--- Exercise description ---
Below are the records; give the number of lines in them that include the word "table", and nothing more.

--- Data excerpts ---
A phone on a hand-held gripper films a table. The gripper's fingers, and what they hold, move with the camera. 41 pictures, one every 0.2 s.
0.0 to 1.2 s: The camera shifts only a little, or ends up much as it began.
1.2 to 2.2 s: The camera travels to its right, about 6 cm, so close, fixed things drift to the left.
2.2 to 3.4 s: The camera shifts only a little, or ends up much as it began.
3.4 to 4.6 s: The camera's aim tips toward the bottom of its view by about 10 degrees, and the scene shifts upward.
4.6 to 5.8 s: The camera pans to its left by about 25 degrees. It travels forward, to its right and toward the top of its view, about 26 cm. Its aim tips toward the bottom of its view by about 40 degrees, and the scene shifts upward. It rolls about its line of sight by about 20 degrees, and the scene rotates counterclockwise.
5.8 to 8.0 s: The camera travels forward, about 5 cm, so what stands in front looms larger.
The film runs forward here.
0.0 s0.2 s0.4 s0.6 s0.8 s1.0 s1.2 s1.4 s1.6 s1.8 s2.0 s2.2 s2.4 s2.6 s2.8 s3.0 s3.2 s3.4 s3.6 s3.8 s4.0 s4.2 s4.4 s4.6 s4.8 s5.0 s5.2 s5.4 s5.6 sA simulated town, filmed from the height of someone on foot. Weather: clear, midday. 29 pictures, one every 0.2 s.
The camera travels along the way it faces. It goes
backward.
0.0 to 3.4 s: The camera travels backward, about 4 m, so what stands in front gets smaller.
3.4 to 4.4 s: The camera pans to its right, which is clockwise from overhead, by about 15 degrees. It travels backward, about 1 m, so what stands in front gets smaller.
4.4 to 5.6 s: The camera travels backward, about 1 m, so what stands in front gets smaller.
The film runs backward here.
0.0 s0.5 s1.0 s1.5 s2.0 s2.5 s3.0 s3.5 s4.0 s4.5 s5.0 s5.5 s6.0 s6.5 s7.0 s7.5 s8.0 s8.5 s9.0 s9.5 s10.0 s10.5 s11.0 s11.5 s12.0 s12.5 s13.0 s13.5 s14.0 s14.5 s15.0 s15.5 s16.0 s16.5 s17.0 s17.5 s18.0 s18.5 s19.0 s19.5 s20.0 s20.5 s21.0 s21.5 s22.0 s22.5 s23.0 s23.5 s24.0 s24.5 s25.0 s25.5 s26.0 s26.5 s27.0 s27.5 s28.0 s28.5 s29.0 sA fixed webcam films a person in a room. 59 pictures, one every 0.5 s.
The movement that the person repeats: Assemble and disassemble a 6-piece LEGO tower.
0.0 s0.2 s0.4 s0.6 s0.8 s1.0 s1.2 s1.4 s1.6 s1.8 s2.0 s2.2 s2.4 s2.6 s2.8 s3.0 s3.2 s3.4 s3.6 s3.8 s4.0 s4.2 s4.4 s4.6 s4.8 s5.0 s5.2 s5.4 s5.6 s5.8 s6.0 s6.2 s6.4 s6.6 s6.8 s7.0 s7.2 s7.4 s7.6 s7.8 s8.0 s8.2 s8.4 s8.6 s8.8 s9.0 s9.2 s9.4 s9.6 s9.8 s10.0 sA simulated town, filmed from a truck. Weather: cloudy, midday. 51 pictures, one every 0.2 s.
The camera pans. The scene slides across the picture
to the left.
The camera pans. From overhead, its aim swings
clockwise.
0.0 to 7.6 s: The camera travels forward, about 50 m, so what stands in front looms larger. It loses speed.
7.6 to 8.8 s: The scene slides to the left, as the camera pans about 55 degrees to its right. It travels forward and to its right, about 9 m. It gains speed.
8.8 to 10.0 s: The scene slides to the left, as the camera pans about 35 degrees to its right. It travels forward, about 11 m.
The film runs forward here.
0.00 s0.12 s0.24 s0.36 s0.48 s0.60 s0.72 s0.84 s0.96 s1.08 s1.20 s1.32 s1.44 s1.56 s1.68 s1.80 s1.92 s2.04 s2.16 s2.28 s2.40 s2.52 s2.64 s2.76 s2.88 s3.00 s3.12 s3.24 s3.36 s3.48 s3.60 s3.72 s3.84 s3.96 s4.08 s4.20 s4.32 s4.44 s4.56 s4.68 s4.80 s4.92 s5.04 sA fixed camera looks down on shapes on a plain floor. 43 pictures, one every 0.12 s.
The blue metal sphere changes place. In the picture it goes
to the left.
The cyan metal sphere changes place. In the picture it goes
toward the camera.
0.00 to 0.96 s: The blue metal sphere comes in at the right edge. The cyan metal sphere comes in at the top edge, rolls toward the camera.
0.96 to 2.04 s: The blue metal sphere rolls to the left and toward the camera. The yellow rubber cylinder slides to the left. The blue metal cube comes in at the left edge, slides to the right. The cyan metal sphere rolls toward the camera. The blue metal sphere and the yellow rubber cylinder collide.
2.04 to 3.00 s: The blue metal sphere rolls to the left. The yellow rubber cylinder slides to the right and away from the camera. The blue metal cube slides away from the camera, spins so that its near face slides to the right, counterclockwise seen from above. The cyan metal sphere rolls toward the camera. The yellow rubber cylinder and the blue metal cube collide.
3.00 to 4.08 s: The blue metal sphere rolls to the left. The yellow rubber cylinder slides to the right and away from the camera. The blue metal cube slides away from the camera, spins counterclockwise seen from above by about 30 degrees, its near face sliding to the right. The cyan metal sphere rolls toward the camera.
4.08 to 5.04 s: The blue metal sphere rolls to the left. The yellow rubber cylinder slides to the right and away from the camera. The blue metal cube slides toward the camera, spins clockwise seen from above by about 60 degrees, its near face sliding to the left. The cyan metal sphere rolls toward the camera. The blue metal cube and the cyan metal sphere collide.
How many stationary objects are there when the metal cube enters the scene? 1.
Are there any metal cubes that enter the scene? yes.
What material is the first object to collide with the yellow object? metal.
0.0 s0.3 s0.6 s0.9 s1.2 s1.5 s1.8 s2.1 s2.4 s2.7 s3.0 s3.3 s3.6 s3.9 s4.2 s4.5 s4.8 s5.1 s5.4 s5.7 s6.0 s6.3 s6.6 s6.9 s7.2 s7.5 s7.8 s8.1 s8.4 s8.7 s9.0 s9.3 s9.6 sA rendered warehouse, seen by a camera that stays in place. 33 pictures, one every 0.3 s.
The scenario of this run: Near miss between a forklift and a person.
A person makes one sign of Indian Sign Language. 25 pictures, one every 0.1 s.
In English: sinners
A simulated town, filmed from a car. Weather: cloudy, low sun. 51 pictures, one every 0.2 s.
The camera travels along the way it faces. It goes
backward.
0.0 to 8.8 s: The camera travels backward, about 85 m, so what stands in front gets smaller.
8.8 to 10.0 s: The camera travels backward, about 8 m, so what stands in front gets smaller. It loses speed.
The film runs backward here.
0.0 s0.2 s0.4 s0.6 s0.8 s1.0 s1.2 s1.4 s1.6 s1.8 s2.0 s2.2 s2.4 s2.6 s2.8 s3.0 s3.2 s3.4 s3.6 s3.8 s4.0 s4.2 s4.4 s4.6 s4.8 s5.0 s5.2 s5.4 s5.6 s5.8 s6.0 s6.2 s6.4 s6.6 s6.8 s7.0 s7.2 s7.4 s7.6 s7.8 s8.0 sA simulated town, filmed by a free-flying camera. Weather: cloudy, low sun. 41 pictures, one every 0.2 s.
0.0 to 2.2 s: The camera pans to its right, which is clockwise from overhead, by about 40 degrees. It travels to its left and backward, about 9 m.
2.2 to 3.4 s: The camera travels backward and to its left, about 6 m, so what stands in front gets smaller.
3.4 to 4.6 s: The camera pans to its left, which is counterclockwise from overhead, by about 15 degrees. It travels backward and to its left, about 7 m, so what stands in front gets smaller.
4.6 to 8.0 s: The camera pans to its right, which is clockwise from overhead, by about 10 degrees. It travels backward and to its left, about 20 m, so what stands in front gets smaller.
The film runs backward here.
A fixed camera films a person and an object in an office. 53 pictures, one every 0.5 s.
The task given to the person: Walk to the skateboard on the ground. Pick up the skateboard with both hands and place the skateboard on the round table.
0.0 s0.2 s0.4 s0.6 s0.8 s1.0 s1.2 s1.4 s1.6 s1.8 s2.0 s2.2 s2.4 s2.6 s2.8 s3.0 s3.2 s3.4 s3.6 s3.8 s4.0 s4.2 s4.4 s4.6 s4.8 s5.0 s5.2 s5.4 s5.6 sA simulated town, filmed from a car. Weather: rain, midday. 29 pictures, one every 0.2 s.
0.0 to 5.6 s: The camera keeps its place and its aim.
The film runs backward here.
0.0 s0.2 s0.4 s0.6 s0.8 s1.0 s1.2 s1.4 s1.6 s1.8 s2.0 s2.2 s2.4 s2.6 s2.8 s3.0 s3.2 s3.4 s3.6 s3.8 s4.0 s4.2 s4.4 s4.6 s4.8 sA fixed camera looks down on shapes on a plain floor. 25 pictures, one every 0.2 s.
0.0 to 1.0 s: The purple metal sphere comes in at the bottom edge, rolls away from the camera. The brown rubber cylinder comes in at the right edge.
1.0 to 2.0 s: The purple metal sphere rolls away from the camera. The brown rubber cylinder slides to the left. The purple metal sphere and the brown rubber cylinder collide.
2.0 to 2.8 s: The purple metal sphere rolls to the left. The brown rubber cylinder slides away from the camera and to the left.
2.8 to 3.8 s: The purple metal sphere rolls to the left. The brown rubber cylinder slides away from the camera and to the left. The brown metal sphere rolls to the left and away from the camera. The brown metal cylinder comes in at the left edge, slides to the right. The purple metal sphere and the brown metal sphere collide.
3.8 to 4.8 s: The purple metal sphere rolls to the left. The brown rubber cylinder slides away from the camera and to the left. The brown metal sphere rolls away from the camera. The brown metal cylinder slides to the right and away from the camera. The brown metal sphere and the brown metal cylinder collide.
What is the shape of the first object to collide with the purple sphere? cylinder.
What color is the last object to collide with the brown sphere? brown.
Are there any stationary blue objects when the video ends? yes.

--- Solution to this exercise ---
2